Task directions: Your response should contain only the lines running from the top of the data below through the line with "The image shows 49", both included. Pictures must be omitted.

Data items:
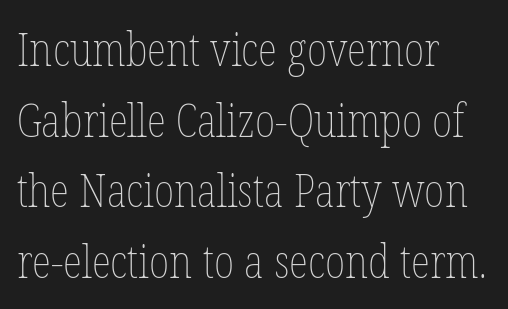
{"italic": "no", "bold": "no", "weight": "thin", "width": "condensed", "stroke_contrast": "low", "x_height": "medium", "monospaced": "no", "underline": "no", "align": "left", "line_spacing": "normal", "line_spacing_ratio": 1.57, "letter_spacing": "normal", "letter_spacing_em": 0.0, "glyph_px": 45}
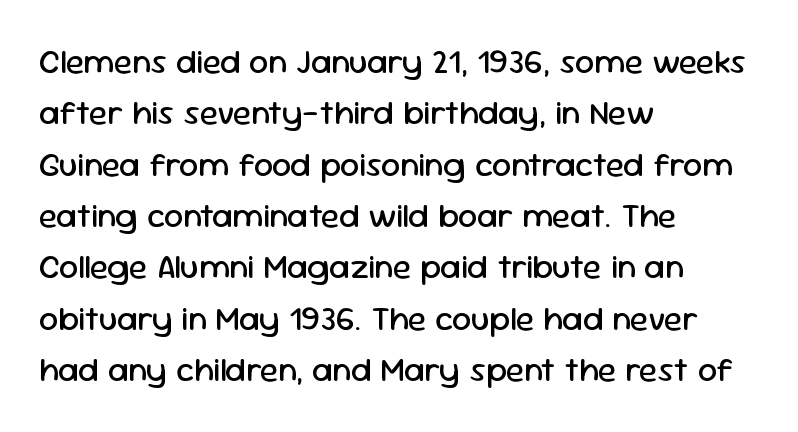
The image shows 34 px regular-weight sans-serif type, upright; set left-aligned, normal line spacing (1.51x), normal letter spacing, not underlined; low stroke contrast and a medium x-height.
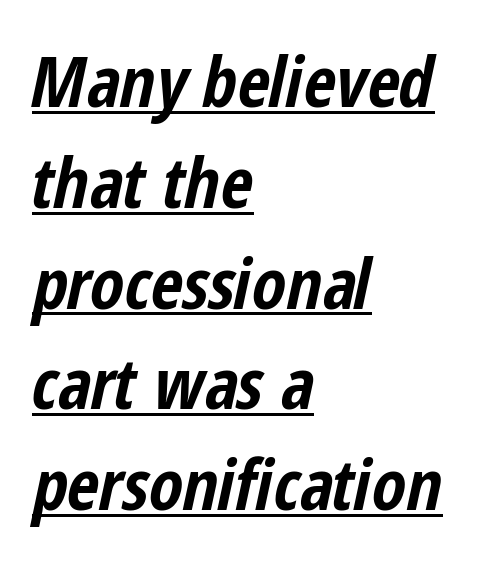
{"italic": "yes", "lean": "right", "slant_degrees": 12, "bold": "yes", "weight": "bold", "width": "condensed", "stroke_contrast": "low", "x_height": "medium", "monospaced": "no", "underline": "yes", "align": "left", "line_spacing": "normal", "line_spacing_ratio": 1.44, "letter_spacing": "normal", "letter_spacing_em": 0.0, "glyph_px": 70}
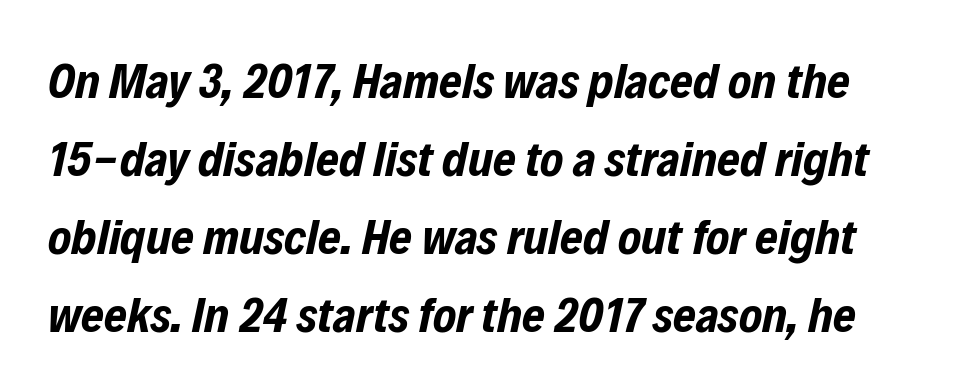
The image shows 49 px bold, condensed type, italic (leaning right); set normal line spacing (1.59x), normal letter spacing, not underlined; low stroke contrast and a medium x-height.
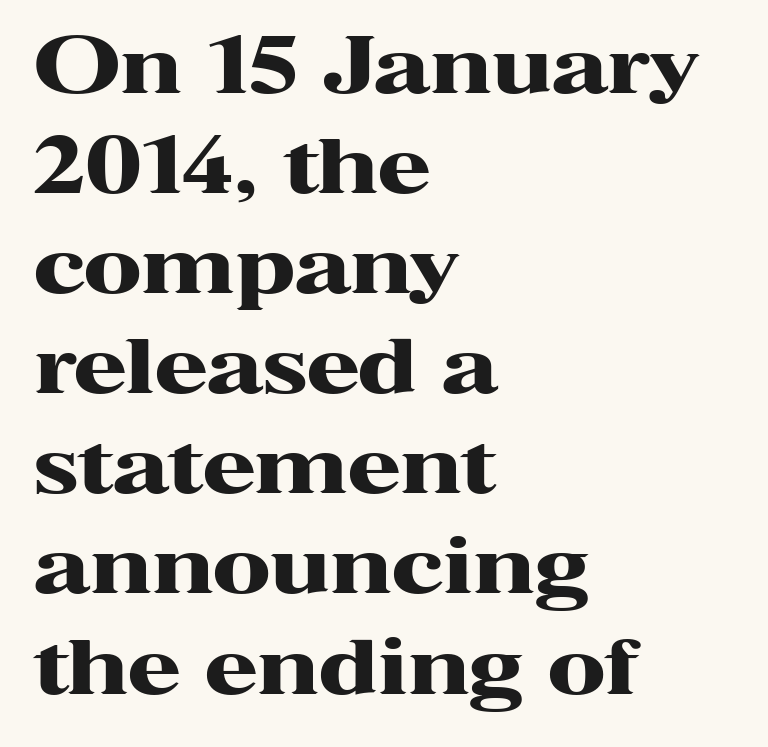
{"serif": "yes", "italic": "no", "bold": "yes", "weight": "heavy", "width": "wide", "stroke_contrast": "high", "x_height": "medium", "monospaced": "no", "underline": "no", "align": "left", "line_spacing": "normal", "line_spacing_ratio": 1.3, "letter_spacing": "normal", "letter_spacing_em": 0.0, "glyph_px": 77}
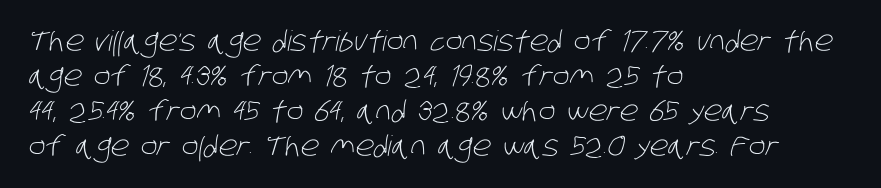
{"serif": "no", "bold": "no", "weight": "light", "width": "condensed", "stroke_contrast": "low", "x_height": "large", "monospaced": "no", "underline": "no", "align": "left", "line_spacing": "normal", "line_spacing_ratio": 1.25, "letter_spacing": "normal", "letter_spacing_em": 0.0, "glyph_px": 28}
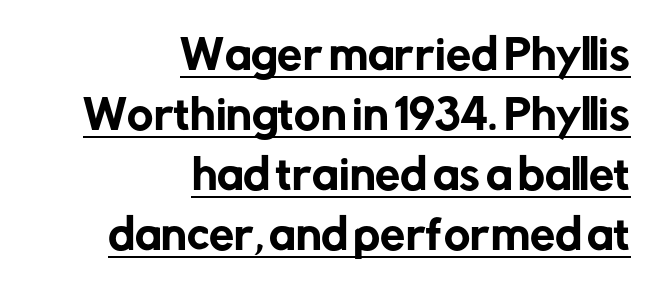
Emphasis is given by a line drawn under the lettering. The face used here is rendered with its standard letterfit. Vertical strokes here are truly vertical. Each letter keeps its own natural width here, so spacing adapts to shape.
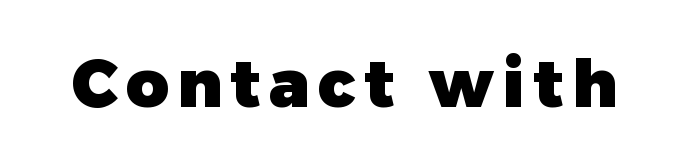
Q: Is the text bold? A: Yes.
Q: Is the text italic (slanted)? A: No, it is upright.
Q: Is the typeface a serif or a sans-serif typeface? A: Sans-serif.
Q: Is the text underlined? A: No.
Q: Width (condensed, normal, or wide)? A: Normal.
Q: Stroke contrast? A: Low.
Q: x-height? A: Medium.
Q: Monospaced? A: No.
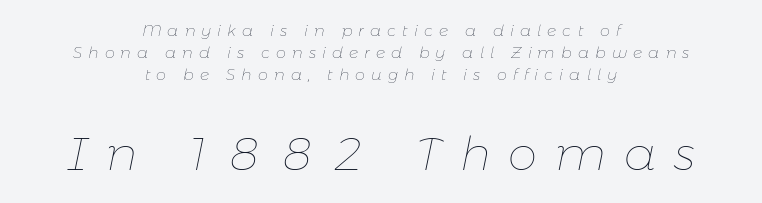
The image shows 47 px thin type, italic (leaning right); set centered, normal line spacing (1.39x), unusually wide letter spacing (+0.38 em), not underlined; the second (bottom) block is 2.94x larger; low stroke contrast and a medium x-height.
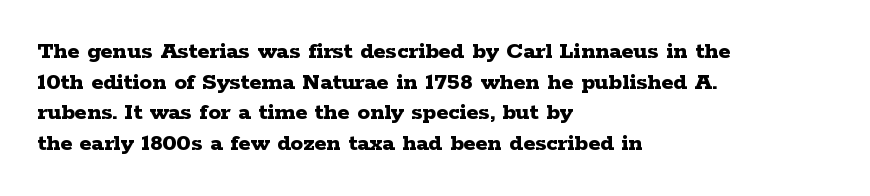
Q: Is the text bold? A: Yes.
Q: Is the text italic (slanted)? A: No, it is upright.
Q: Is the text underlined? A: No.
Q: How is the paragraph aligned? A: Left-aligned.
Q: Is the spacing between letters normal or unusually wide? A: Normal.
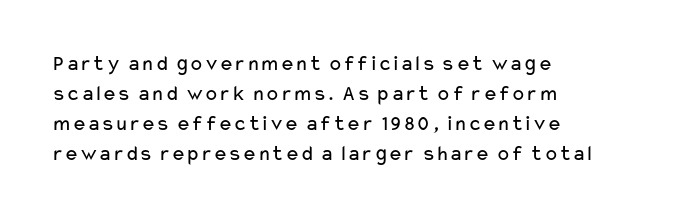
{"italic": "no", "bold": "no", "underline": "no", "align": "left", "line_spacing": "normal", "line_spacing_ratio": 1.37, "letter_spacing": "normal", "letter_spacing_em": 0.0, "glyph_px": 22}

Exercise answer:
{"italic": "no", "bold": "no", "weight": "thin", "width": "condensed", "stroke_contrast": "low", "x_height": "medium", "monospaced": "no", "underline": "no", "align": "left", "line_spacing": "normal", "line_spacing_ratio": 1.57, "letter_spacing": "normal", "letter_spacing_em": 0.0, "glyph_px": 45}
The image shows 34 px regular-weight sans-serif type, upright; set left-aligned, normal line spacing (1.51x), normal letter spacing, not underlined; low stroke contrast and a medium x-height.
{"italic": "yes", "lean": "right", "slant_degrees": 12, "bold": "yes", "weight": "bold", "width": "condensed", "stroke_contrast": "low", "x_height": "medium", "monospaced": "no", "underline": "yes", "align": "left", "line_spacing": "normal", "line_spacing_ratio": 1.44, "letter_spacing": "normal", "letter_spacing_em": 0.0, "glyph_px": 70}
The image shows 49 px bold, condensed type, italic (leaning right); set normal line spacing (1.59x), normal letter spacing, not underlined; low stroke contrast and a medium x-height.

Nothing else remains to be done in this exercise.